Apart from the pictures, everything in the lines below must be printed exactly.

## Provided records
-*-*-
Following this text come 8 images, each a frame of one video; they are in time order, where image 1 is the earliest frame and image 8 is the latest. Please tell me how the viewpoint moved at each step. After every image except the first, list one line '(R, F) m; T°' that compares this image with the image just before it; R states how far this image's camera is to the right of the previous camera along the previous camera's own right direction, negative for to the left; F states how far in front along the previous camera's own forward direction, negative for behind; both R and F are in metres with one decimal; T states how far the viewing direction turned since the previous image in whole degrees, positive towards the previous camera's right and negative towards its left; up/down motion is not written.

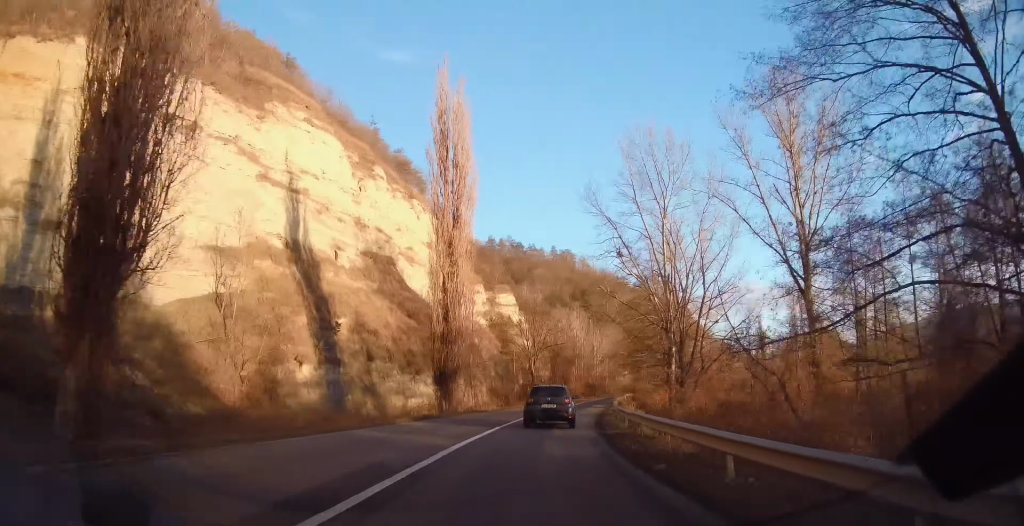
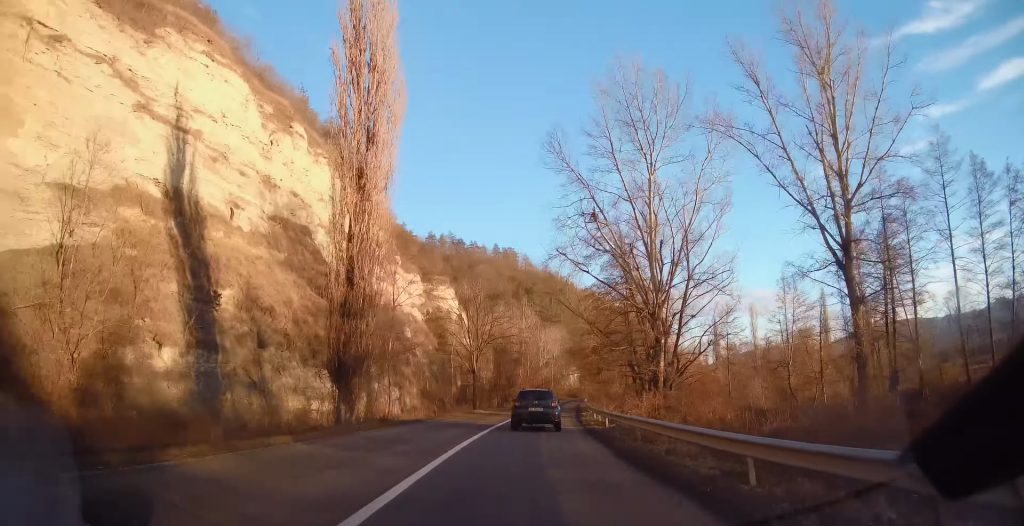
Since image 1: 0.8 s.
(0.0, +12.6) m; +5°
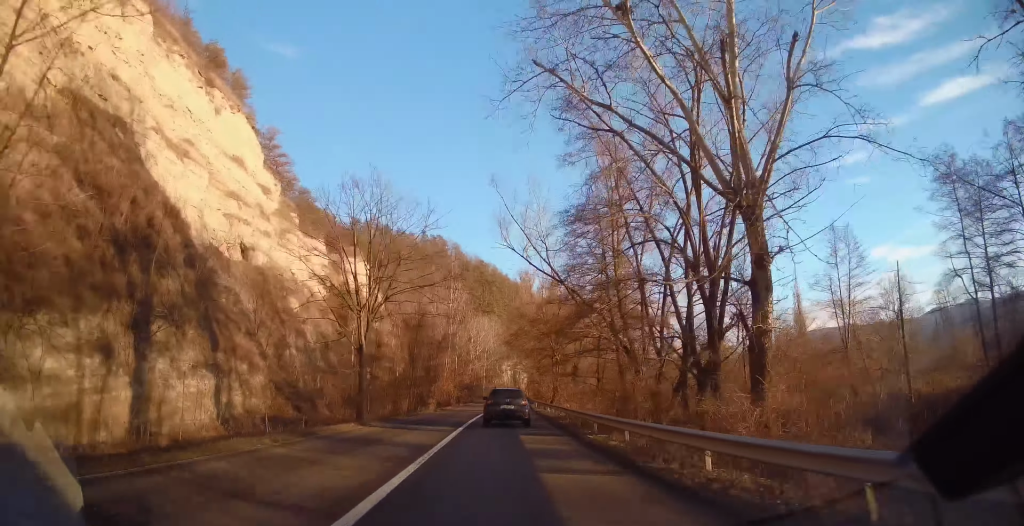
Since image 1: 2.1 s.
(+2.2, +23.5) m; +6°
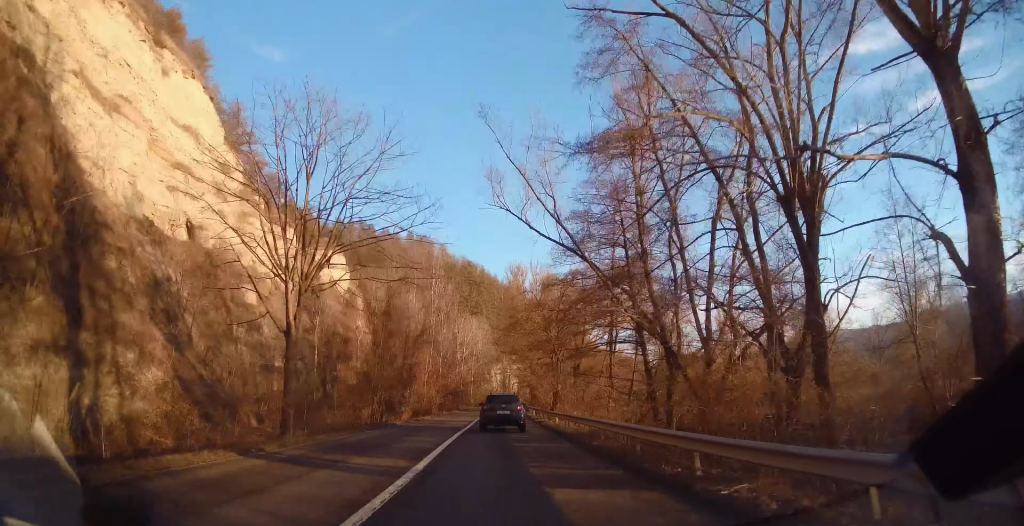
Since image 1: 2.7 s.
(-0.1, +9.5) m; +1°
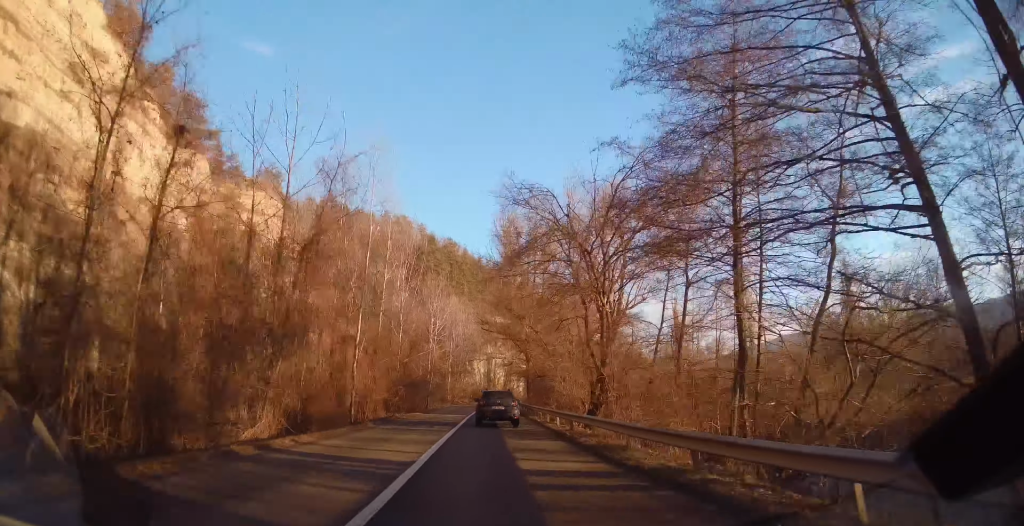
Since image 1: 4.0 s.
(+0.6, +24.3) m; +2°
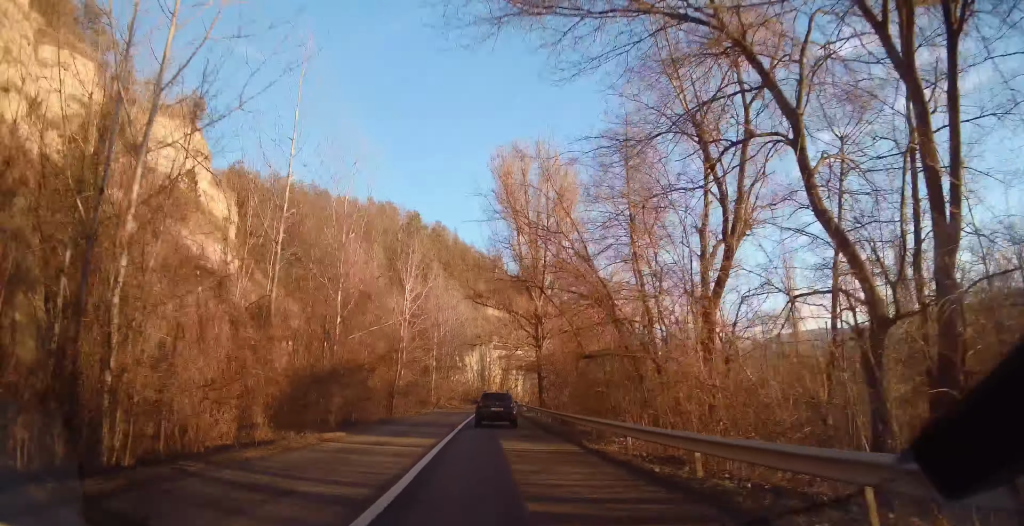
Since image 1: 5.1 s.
(+0.1, +20.2) m; 0°
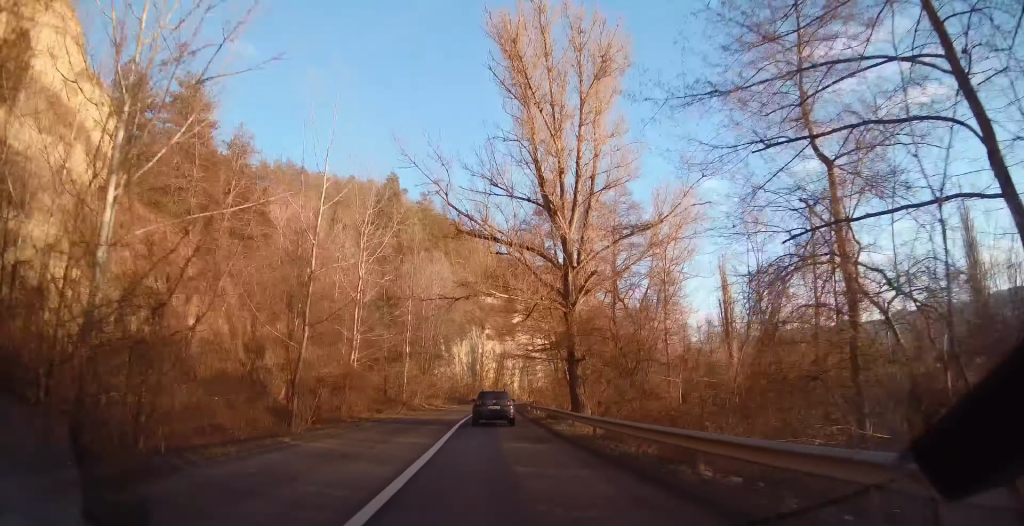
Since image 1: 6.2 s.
(0.0, +19.6) m; +1°
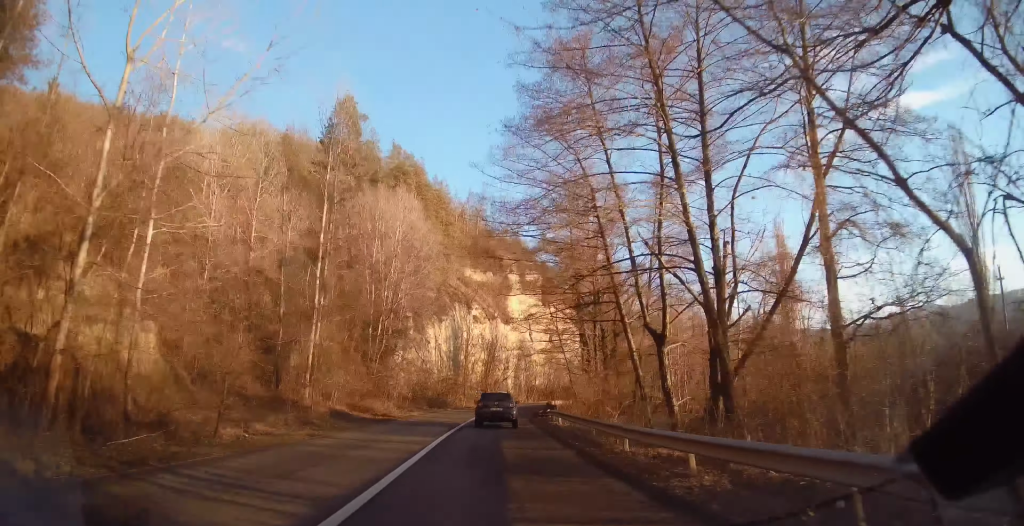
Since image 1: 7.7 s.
(+0.4, +27.7) m; +2°
-*-*-
## Solution to the problem
Following this text come 8 images, each a frame of one video; they are in time order, where image 1 is the earliest frame and image 8 is the latest. Please tell me how the viewpoint moved at each step. After every image except the first, list one line '(R, F) m; T°' that compares this image with the image just before it; R states how far this image's camera is to the right of the previous camera along the previous camera's own right direction, negative for to the left; F states how far in front along the previous camera's own forward direction, negative for behind; both R and F are in metres with one decimal; T states how far the viewing direction turned since the previous image in whole degrees, positive towards the previous camera's right and negative towards its left; up/down motion is not written.

Since image 1: 0.8 s.
(0.0, +12.6) m; +5°
Since image 1: 2.1 s.
(+2.2, +23.5) m; +6°
Since image 1: 2.7 s.
(-0.1, +9.5) m; +1°
Since image 1: 4.0 s.
(+0.6, +24.3) m; +2°
Since image 1: 5.1 s.
(+0.1, +20.2) m; 0°
Since image 1: 6.2 s.
(0.0, +19.6) m; +1°
Since image 1: 7.7 s.
(+0.4, +27.7) m; +2°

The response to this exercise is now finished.